Lloyd - thanks for those screen grabs - those are some really good shots. I've got the series copied on video tape, but getting those transferred to a digital media is more work than I've got time for.

Bryan


----------



## Richard Baker (Aug 8, 2006)

Even the shape of the Dorsal Dome changed...

.


----------



## Lloyd Collins (Sep 25, 2004)

Bryan, you are welcome.

Rob, and you are so right about the colors inside. I plan to pick one scene, and use it, because it suits me. As for the outside, I will take all of the differences I can, and put them all on the ship. 

I really only comes down to how you want it, and what you are happy with.


----------



## PF Flyer (Jun 24, 2008)

Anyone have any advice on a good step-by-step process for painting the voyager. Should you paint the interior first, then mask, then spray the outside or what? I, too, am thinking about building this as a warm up for the Seaview or F.S. But outside of the various bat vehicles, I haven't built anything except figures.

Thanks.


----------



## Carson Dyle (May 7, 2003)

Well, yeah, you'll probably want to paint the interior first. After you've done, assemble the rest of the model, filling the exterior seams with putty or filler (if you wish) in order to get rid of any visible gaps. After that you might want to mask off the forward window and bubble opening, and lay down a coat or two of white primer over the bare plastic.
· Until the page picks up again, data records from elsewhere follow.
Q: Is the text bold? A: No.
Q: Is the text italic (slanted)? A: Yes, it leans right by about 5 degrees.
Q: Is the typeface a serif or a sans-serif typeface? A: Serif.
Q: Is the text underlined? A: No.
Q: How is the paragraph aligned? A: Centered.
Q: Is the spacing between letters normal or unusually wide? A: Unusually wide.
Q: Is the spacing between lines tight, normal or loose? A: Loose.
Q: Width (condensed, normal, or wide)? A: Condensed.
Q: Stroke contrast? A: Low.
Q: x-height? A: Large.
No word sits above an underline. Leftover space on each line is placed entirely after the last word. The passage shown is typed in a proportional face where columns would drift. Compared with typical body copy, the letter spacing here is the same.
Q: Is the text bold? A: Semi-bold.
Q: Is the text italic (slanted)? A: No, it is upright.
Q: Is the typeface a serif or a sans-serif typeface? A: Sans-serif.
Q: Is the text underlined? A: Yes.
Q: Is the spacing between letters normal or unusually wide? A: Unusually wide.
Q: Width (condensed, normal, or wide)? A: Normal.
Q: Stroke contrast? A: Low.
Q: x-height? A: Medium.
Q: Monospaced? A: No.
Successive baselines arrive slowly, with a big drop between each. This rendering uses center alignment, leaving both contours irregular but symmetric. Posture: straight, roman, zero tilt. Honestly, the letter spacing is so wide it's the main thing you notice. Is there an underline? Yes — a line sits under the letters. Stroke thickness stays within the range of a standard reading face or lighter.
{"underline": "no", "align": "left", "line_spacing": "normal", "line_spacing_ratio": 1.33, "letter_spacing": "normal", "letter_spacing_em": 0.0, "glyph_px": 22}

Finally, I used Tamiya gloss white spray paint to finish off my model, and I was pretty happy with the results.





























Sorry I can't offer a more detailed beat-by-beat building plan, but I built (well, refurbished) my *Aurora* Voyager a number of years ago, and I didn't take pix. Come to think of it, I didn't even have a digital camera at the time.

The Voyager is a pretty simple kit, really -- and a good "warmup" for the Seaview and Flying Sub.


----------



## PF Flyer (Jun 24, 2008)

It looks terrific! And thanks for the advice. Definitely going to give this one a go.


----------



## RJarrin (Dec 9, 2008)

*Thanks*

The pics and the advice will be helpful. Thanks for both. 
:thumbsup:


----------



## John P (Sep 1, 1999)

Personally, I prefer assembling the whole model first, _then _painting the interior.



It's more of a challenge.


----------



## scotpens (Sep 6, 2003)

John P said:


> Personally, I prefer assembling the whole model first, _then _painting the interior.
> 
> It's more of a challenge.


It's not that difficult -- all you have to do is shrink yourself and paint it from the inside!


----------



## Lloyd Collins (Sep 25, 2004)

That is what C.M.D.F. was created for....sort of.


----------



## Mark Dorais (May 25, 2006)

Carson Dyle said:


> Well, yeah, you'll probably want to paint the interior first. After you've done, assemble the rest of the model, filling the exterior seams with putty or filler (if you wish) in order to get rid of any visible gaps. After that you might want to mask off the forward window and bubble opening, and lay down a coat or two of white primer over the bare plastic. Finally, I used Tamiya gloss white spray paint to finish off my model, and I was pretty happy with the results.professional looking:
> 
> 
> 
> ...


 Wow!! beautiful, professional looking job!:thumbsup:


----------